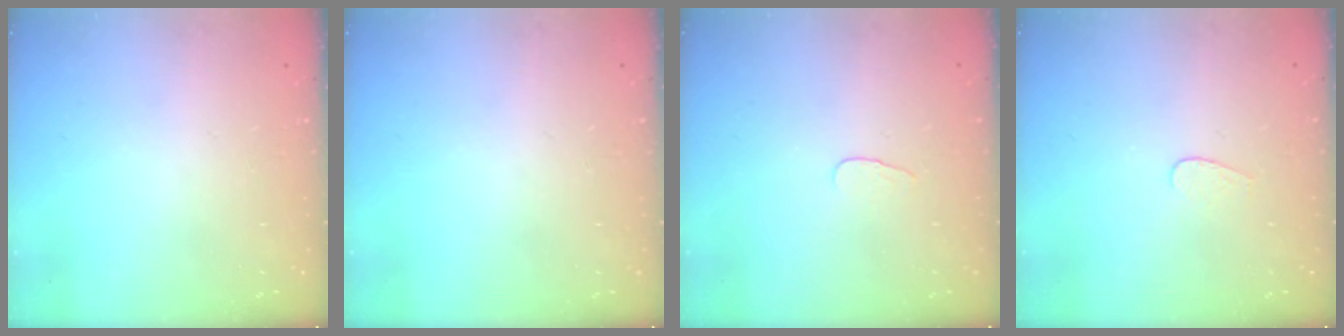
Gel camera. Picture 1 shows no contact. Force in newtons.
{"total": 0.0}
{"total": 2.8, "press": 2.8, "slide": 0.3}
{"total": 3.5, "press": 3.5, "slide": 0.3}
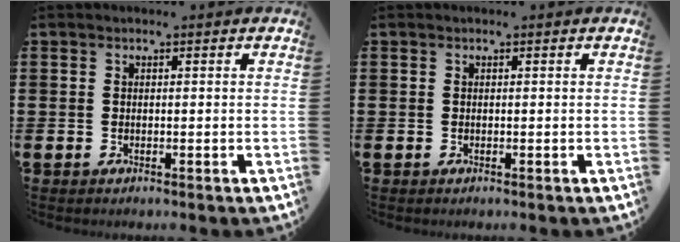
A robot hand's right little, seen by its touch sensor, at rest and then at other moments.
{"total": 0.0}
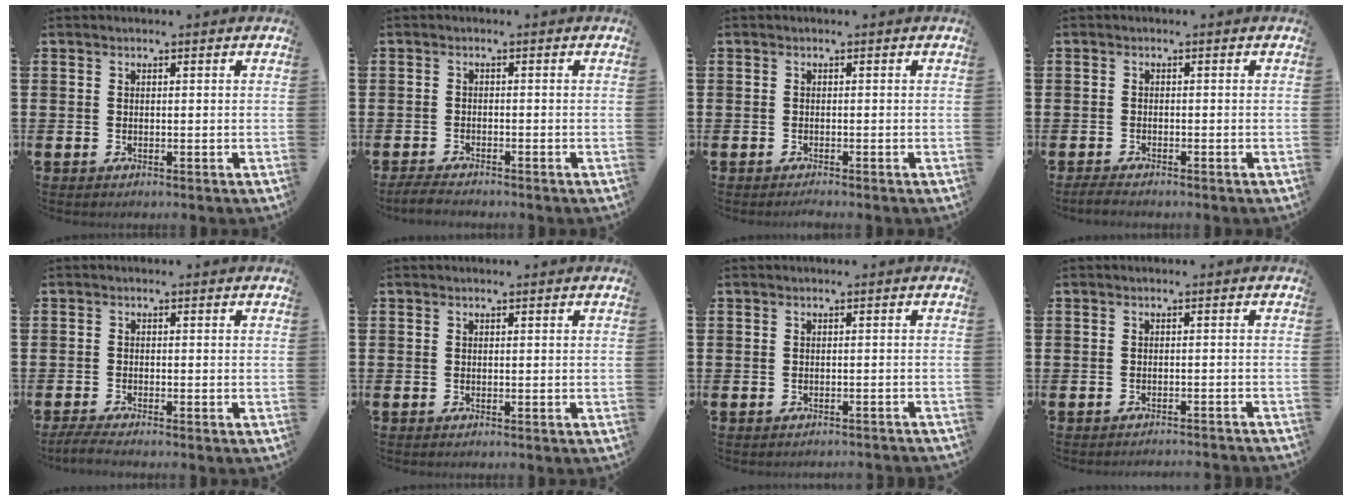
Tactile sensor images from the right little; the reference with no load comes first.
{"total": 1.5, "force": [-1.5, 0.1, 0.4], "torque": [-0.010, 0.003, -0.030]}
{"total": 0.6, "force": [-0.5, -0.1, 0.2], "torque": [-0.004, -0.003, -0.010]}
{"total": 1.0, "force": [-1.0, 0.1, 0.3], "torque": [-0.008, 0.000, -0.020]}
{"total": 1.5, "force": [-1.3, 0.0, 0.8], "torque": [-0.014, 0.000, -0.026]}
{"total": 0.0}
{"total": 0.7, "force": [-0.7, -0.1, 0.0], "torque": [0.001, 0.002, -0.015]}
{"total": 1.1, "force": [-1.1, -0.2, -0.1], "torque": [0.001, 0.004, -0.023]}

-------------------------

_Work to complete_:
Omit the pictures and copy the records above exactly.

_Result of this exercise_:
Gel camera. Picture 1 shows no contact. Force in newtons.
{"total": 0.0}
{"total": 2.8, "press": 2.8, "slide": 0.3}
{"total": 3.5, "press": 3.5, "slide": 0.3}
A robot hand's right little, seen by its touch sensor, at rest and then at other moments.
{"total": 0.0}
Tactile sensor images from the right little; the reference with no load comes first.
{"total": 1.5, "force": [-1.5, 0.1, 0.4], "torque": [-0.010, 0.003, -0.030]}
{"total": 0.6, "force": [-0.5, -0.1, 0.2], "torque": [-0.004, -0.003, -0.010]}
{"total": 1.0, "force": [-1.0, 0.1, 0.3], "torque": [-0.008, 0.000, -0.020]}
{"total": 1.5, "force": [-1.3, 0.0, 0.8], "torque": [-0.014, 0.000, -0.026]}
{"total": 0.0}
{"total": 0.7, "force": [-0.7, -0.1, 0.0], "torque": [0.001, 0.002, -0.015]}
{"total": 1.1, "force": [-1.1, -0.2, -0.1], "torque": [0.001, 0.004, -0.023]}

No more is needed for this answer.